===== DATASET CONTENT

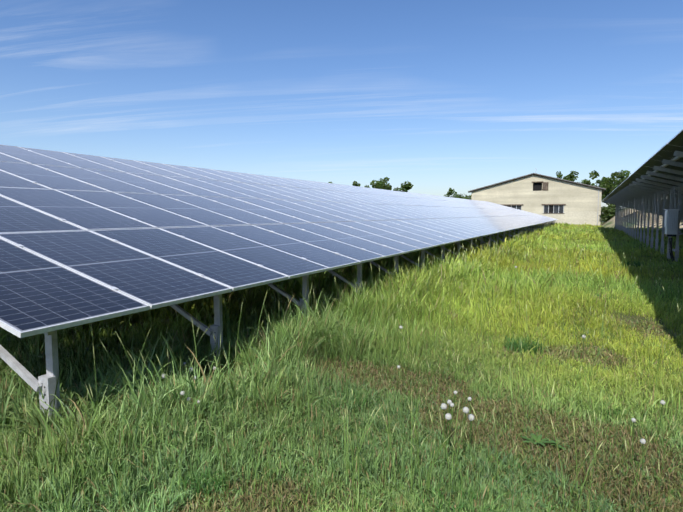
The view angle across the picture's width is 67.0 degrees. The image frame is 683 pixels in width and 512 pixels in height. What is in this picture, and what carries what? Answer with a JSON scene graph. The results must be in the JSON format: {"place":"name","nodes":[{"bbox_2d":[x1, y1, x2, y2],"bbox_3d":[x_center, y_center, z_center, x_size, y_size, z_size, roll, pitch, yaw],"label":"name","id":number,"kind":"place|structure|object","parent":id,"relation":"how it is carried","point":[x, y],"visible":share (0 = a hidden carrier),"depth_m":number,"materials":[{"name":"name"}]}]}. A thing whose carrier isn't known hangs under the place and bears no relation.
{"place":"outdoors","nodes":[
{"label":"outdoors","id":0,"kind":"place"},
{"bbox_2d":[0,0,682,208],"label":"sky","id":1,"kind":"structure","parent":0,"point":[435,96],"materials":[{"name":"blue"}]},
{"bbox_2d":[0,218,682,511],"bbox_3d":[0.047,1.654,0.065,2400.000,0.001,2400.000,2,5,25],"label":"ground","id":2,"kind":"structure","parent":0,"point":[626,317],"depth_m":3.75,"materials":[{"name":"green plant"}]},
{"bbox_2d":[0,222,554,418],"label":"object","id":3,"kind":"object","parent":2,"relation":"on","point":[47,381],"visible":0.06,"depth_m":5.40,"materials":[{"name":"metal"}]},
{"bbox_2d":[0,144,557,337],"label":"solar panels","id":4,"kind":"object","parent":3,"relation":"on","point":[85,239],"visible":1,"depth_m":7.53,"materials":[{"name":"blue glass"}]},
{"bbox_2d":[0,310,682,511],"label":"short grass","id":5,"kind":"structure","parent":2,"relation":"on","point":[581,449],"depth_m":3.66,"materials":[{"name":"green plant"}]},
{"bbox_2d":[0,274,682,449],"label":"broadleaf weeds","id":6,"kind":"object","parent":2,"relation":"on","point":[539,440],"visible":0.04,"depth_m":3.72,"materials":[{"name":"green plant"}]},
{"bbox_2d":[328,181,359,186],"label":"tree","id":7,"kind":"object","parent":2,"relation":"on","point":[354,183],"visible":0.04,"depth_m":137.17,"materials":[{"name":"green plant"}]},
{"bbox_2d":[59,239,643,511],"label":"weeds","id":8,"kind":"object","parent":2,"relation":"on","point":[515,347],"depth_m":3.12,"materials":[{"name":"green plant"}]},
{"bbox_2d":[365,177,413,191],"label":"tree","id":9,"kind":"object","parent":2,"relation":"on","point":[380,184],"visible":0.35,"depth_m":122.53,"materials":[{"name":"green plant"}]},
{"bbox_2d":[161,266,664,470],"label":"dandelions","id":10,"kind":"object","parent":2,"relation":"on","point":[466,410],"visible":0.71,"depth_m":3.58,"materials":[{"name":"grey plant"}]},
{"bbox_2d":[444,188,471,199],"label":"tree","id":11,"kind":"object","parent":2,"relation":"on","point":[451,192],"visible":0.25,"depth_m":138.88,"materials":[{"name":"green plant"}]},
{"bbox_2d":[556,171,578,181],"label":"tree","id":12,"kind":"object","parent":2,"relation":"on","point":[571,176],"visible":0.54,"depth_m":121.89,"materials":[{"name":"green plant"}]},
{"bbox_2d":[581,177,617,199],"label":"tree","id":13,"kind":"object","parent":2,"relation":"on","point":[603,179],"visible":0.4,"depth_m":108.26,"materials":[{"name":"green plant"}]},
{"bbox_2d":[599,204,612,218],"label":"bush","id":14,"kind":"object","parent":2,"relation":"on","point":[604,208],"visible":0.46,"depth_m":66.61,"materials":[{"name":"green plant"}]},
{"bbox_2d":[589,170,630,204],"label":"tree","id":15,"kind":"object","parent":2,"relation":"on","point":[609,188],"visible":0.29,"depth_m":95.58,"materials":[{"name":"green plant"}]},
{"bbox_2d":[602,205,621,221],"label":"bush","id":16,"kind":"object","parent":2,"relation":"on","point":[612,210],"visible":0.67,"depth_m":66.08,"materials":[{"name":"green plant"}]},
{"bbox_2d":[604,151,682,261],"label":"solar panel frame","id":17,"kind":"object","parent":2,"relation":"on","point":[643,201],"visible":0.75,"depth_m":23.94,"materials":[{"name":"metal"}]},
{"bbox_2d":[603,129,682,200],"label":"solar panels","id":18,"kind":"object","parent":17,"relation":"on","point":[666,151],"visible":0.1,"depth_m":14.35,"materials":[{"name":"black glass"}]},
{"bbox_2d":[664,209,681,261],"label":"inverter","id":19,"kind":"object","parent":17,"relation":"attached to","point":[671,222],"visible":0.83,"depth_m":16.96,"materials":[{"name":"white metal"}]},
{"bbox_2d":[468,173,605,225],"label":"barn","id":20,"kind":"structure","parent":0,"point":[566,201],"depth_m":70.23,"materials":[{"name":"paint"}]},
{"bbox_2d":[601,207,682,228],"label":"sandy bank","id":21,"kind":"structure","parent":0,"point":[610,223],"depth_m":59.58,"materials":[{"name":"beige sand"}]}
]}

==========

◆ INSTRUCTIONS FOR THE TASK ◆
Copy the data above line for line, skipping every picture.

◆ OUTPUT FOR THIS EXERCISE ◆
The view angle across the picture's width is 67.0 degrees. The image frame is 683 pixels in width and 512 pixels in height. What is in this picture, and what carries what? Answer with a JSON scene graph. The results must be in the JSON format: {"place":"name","nodes":[{"bbox_2d":[x1, y1, x2, y2],"bbox_3d":[x_center, y_center, z_center, x_size, y_size, z_size, roll, pitch, yaw],"label":"name","id":number,"kind":"place|structure|object","parent":id,"relation":"how it is carried","point":[x, y],"visible":share (0 = a hidden carrier),"depth_m":number,"materials":[{"name":"name"}]}]}. A thing whose carrier isn't known hangs under the place and bears no relation.
{"place":"outdoors","nodes":[
{"label":"outdoors","id":0,"kind":"place"},
{"bbox_2d":[0,0,682,208],"label":"sky","id":1,"kind":"structure","parent":0,"point":[435,96],"materials":[{"name":"blue"}]},
{"bbox_2d":[0,218,682,511],"bbox_3d":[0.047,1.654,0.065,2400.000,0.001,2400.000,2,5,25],"label":"ground","id":2,"kind":"structure","parent":0,"point":[626,317],"depth_m":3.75,"materials":[{"name":"green plant"}]},
{"bbox_2d":[0,222,554,418],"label":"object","id":3,"kind":"object","parent":2,"relation":"on","point":[47,381],"visible":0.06,"depth_m":5.40,"materials":[{"name":"metal"}]},
{"bbox_2d":[0,144,557,337],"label":"solar panels","id":4,"kind":"object","parent":3,"relation":"on","point":[85,239],"visible":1,"depth_m":7.53,"materials":[{"name":"blue glass"}]},
{"bbox_2d":[0,310,682,511],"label":"short grass","id":5,"kind":"structure","parent":2,"relation":"on","point":[581,449],"depth_m":3.66,"materials":[{"name":"green plant"}]},
{"bbox_2d":[0,274,682,449],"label":"broadleaf weeds","id":6,"kind":"object","parent":2,"relation":"on","point":[539,440],"visible":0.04,"depth_m":3.72,"materials":[{"name":"green plant"}]},
{"bbox_2d":[328,181,359,186],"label":"tree","id":7,"kind":"object","parent":2,"relation":"on","point":[354,183],"visible":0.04,"depth_m":137.17,"materials":[{"name":"green plant"}]},
{"bbox_2d":[59,239,643,511],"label":"weeds","id":8,"kind":"object","parent":2,"relation":"on","point":[515,347],"depth_m":3.12,"materials":[{"name":"green plant"}]},
{"bbox_2d":[365,177,413,191],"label":"tree","id":9,"kind":"object","parent":2,"relation":"on","point":[380,184],"visible":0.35,"depth_m":122.53,"materials":[{"name":"green plant"}]},
{"bbox_2d":[161,266,664,470],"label":"dandelions","id":10,"kind":"object","parent":2,"relation":"on","point":[466,410],"visible":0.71,"depth_m":3.58,"materials":[{"name":"grey plant"}]},
{"bbox_2d":[444,188,471,199],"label":"tree","id":11,"kind":"object","parent":2,"relation":"on","point":[451,192],"visible":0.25,"depth_m":138.88,"materials":[{"name":"green plant"}]},
{"bbox_2d":[556,171,578,181],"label":"tree","id":12,"kind":"object","parent":2,"relation":"on","point":[571,176],"visible":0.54,"depth_m":121.89,"materials":[{"name":"green plant"}]},
{"bbox_2d":[581,177,617,199],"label":"tree","id":13,"kind":"object","parent":2,"relation":"on","point":[603,179],"visible":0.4,"depth_m":108.26,"materials":[{"name":"green plant"}]},
{"bbox_2d":[599,204,612,218],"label":"bush","id":14,"kind":"object","parent":2,"relation":"on","point":[604,208],"visible":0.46,"depth_m":66.61,"materials":[{"name":"green plant"}]},
{"bbox_2d":[589,170,630,204],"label":"tree","id":15,"kind":"object","parent":2,"relation":"on","point":[609,188],"visible":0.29,"depth_m":95.58,"materials":[{"name":"green plant"}]},
{"bbox_2d":[602,205,621,221],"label":"bush","id":16,"kind":"object","parent":2,"relation":"on","point":[612,210],"visible":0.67,"depth_m":66.08,"materials":[{"name":"green plant"}]},
{"bbox_2d":[604,151,682,261],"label":"solar panel frame","id":17,"kind":"object","parent":2,"relation":"on","point":[643,201],"visible":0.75,"depth_m":23.94,"materials":[{"name":"metal"}]},
{"bbox_2d":[603,129,682,200],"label":"solar panels","id":18,"kind":"object","parent":17,"relation":"on","point":[666,151],"visible":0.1,"depth_m":14.35,"materials":[{"name":"black glass"}]},
{"bbox_2d":[664,209,681,261],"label":"inverter","id":19,"kind":"object","parent":17,"relation":"attached to","point":[671,222],"visible":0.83,"depth_m":16.96,"materials":[{"name":"white metal"}]},
{"bbox_2d":[468,173,605,225],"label":"barn","id":20,"kind":"structure","parent":0,"point":[566,201],"depth_m":70.23,"materials":[{"name":"paint"}]},
{"bbox_2d":[601,207,682,228],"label":"sandy bank","id":21,"kind":"structure","parent":0,"point":[610,223],"depth_m":59.58,"materials":[{"name":"beige sand"}]}
]}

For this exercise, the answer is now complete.